Simple math question.

ultimablah

The sum of four numbers equals the product of four numbers equals 711.

What are the four numbers?

I see 2 equations with 4 unknowns, and no way to do this but brute force it; is there a special circumstance here?

Werg22

The sum and product of the same 4 numbers are equal to 711? Is that what you mean?

The prime decomposition of 711 is 3^2*79. There aren't too many ways to get 4 numbers; you either have 1, 1, 9, 79, or 1, 1, 3, 237 or 1, 3 , 3, 79. None of those sum up to 711. Can you restate the problem more clearly?

davee123

Admittedly, he did say "numbers" and not "integers", so the prime factorization of 711 isn't necessarily relevant, although I agree it's certainly implied. Hmm...

DaveE

ƒ(x)

Hm...Just thinking out loud here. This approach requires making certain assumptions that could prove to be wrong. Please forgive my formatting errors.

711 = a+b+c+d
711 = abcd

The first two assumptions are that a = 711, so:

0 = b+c+d
1 = bcd

The next one is that bc = 1, which means that

d = -1

and

-1 = bc

and that

-1/b = c

which means that

711 = 711-1+(-1/b)+b
0 = -1-(1/b)+b
0 = b^2-b-1
b = [1+-(1-4*-1*1)^1/2]/2
b = [1+-(5)^1/2]/2
b = 1.618 or -.618

Therefore, since -1/b = c

When b = 1.618, c = -.618 and when b = -.618 c = 1.618
And that since addition and multiplication are communicative, one of these solution is redundant.

So, in conclusion (finally )

Since -1 = bc

711 ?= 711*-1*-1
711 = 711

and

711 ?= 711-1-.618+1.618
711= 711

a = 711
b = -.618
c = 1.618
d = -1

Q.E.D.

jimmysnyder

As the op said, these are two equations in 4 unknowns. There are infinitely many solutions. F(x) has added 3 more equations which seems extravagant under the circumstances.

ƒ(x)

Haha. Nevertheless, those three extravagant equations allowed me to find one possible solution.

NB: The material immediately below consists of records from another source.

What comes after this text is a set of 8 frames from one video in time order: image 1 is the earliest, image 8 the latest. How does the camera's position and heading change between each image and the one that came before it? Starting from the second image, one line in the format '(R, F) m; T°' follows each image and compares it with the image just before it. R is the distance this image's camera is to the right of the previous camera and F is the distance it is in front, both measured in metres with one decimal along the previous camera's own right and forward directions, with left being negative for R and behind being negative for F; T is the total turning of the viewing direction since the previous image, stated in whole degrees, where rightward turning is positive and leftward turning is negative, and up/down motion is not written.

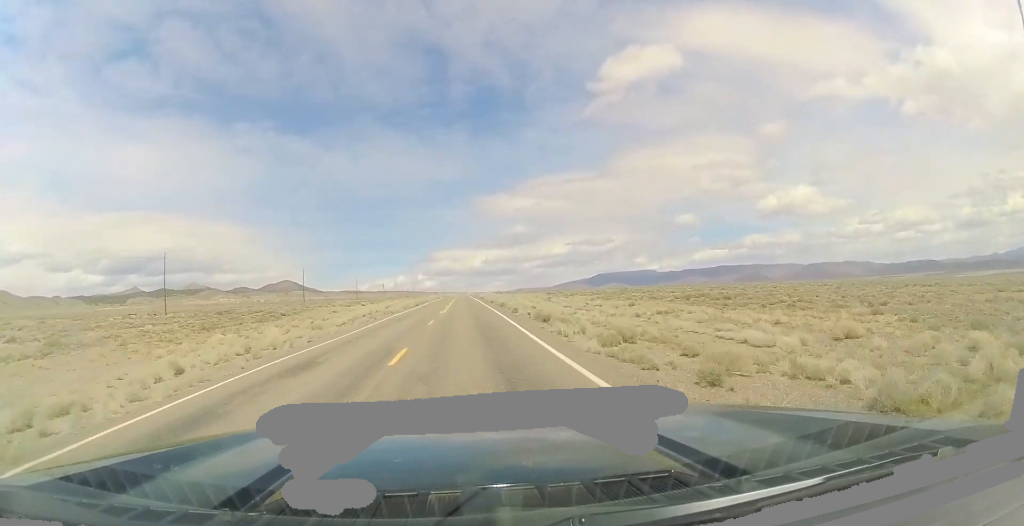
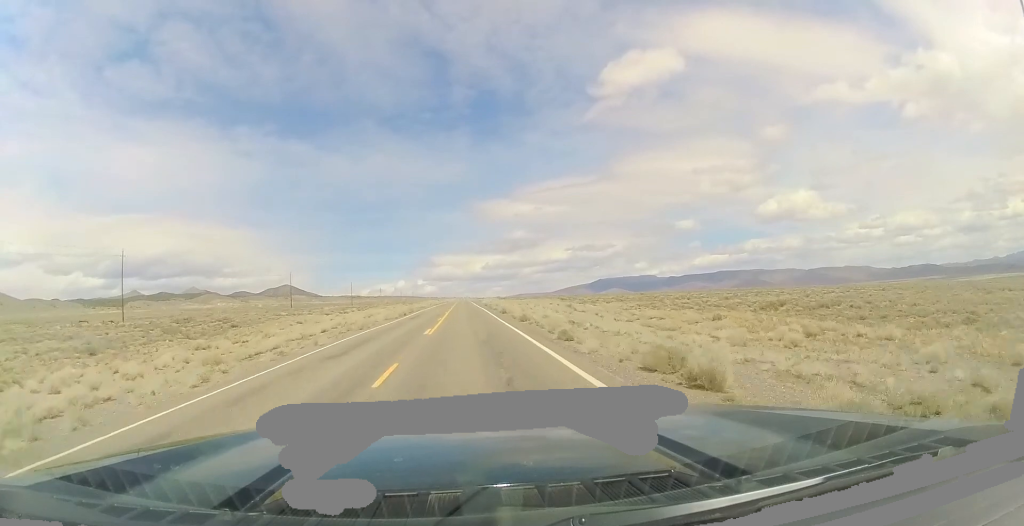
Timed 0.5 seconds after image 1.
(-0.2, +16.0) m; 0°
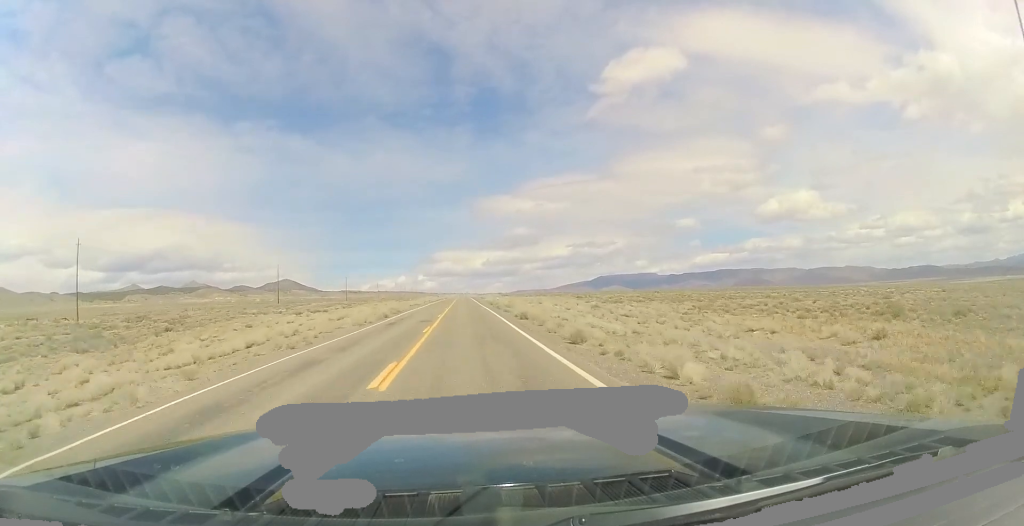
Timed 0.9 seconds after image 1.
(-0.1, +13.9) m; 0°
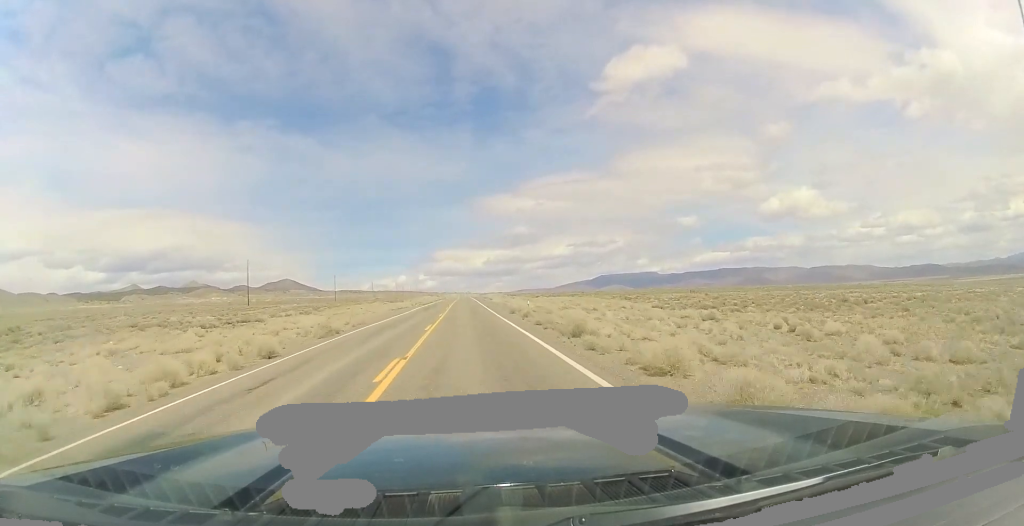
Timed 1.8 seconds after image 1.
(0.0, +26.7) m; +1°
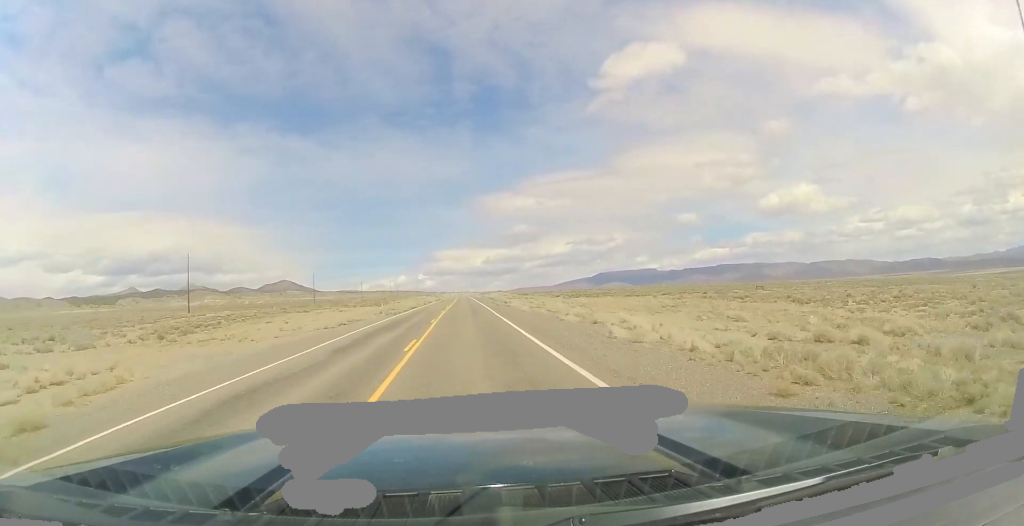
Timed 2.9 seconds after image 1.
(+0.4, +35.2) m; +1°
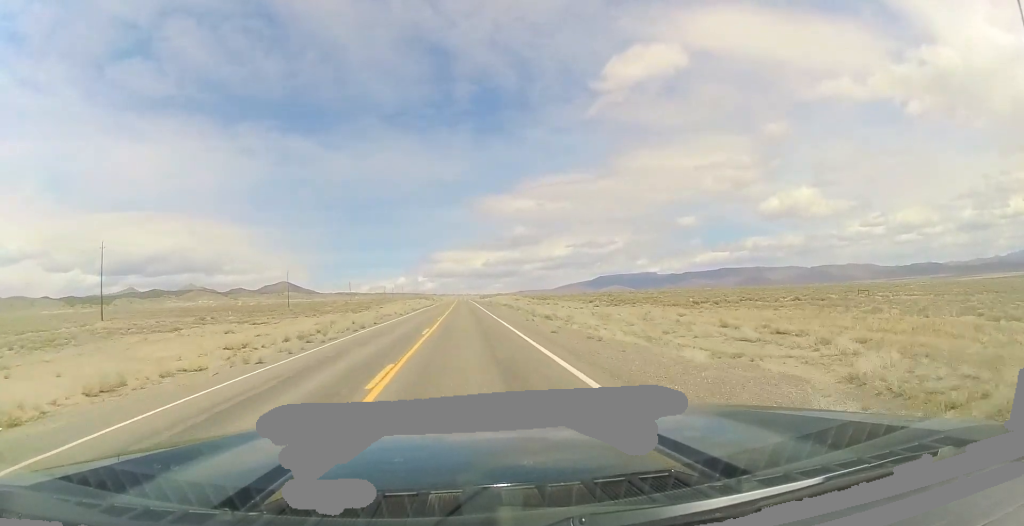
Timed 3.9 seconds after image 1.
(-0.1, +33.2) m; -1°
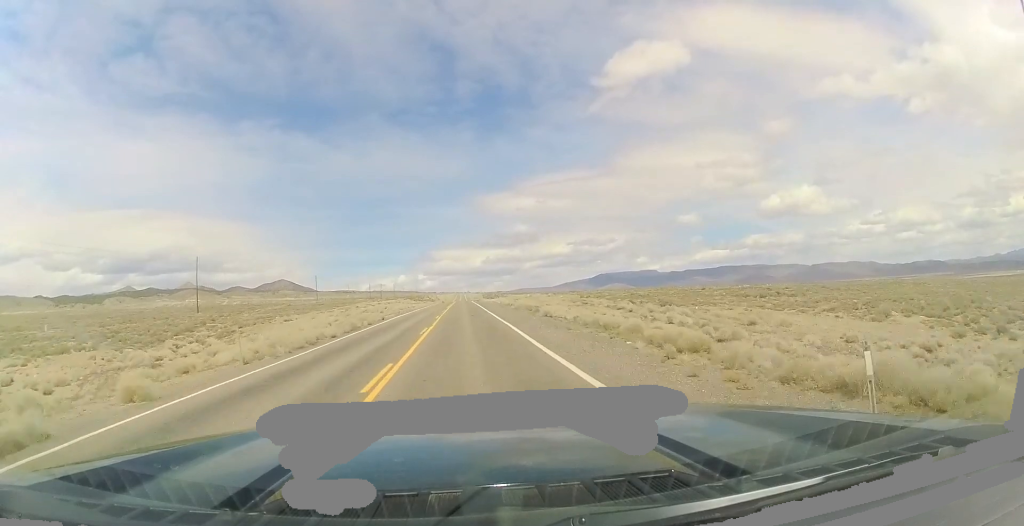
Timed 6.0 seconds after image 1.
(-0.2, +68.7) m; 0°
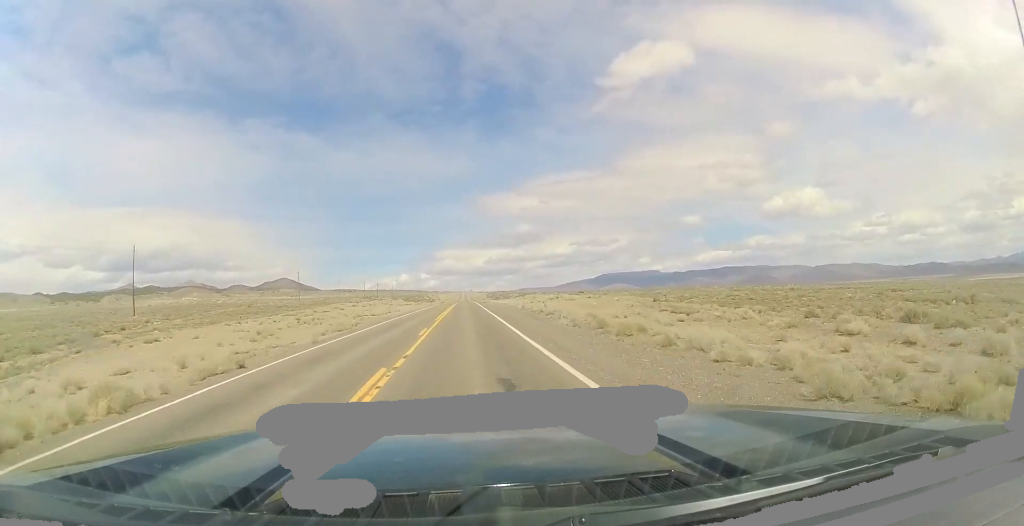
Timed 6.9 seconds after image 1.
(-0.1, +27.8) m; 0°

Oh, and by the way, prove that there are a infinite number of solutions.

davee123

That's pretty easy, no?

w+x+y+z = 711
wxyz = 711
w = 711/xyz

Assume z=1:

w=711/xy
711/xy+x+y+1 = 711
711 + x^2y + xy^2 = 710xy
xy^2+(x^2-710x)y+711 = 0

You can use the quadratic formula (though it's messy) to solve for y, with:

A = x
B = x^2-710x
C = 711

So as long as 2A =/= 0, and B^2 > 4AC, you're good. Specifically:

x =/=0
x^4+2x^2-1420x+504100x^2 > 2840x
x^3+2x+504100x > 4260

So, without bothering to solve it, it's obvious that for x>1, the quadratic will be solvable, because it'll satisfy the above requirements. And obviously there are an infinite number of values for x>1.

DaveE

jimmysnyder

My bad. f(x) only added two equations, the expected number. As not both of the original equations are linear it is not enough to merely count equations and unknowns as I did. However, davee123 has saved the day for me on this point.

ƒ(x)

Haha fine. I'm too tired to look through your post right now, so I'll just agree for the moment.

Just as a side note, my math teacher has a problem that is exactly similar to this one that that he calls the "7-11 Problem" (as in the gas station). When asked, he said that there was only 1 possible solution to this, and I am tempted to agree because the problem combines addition and multiplication. But, he is not infallible.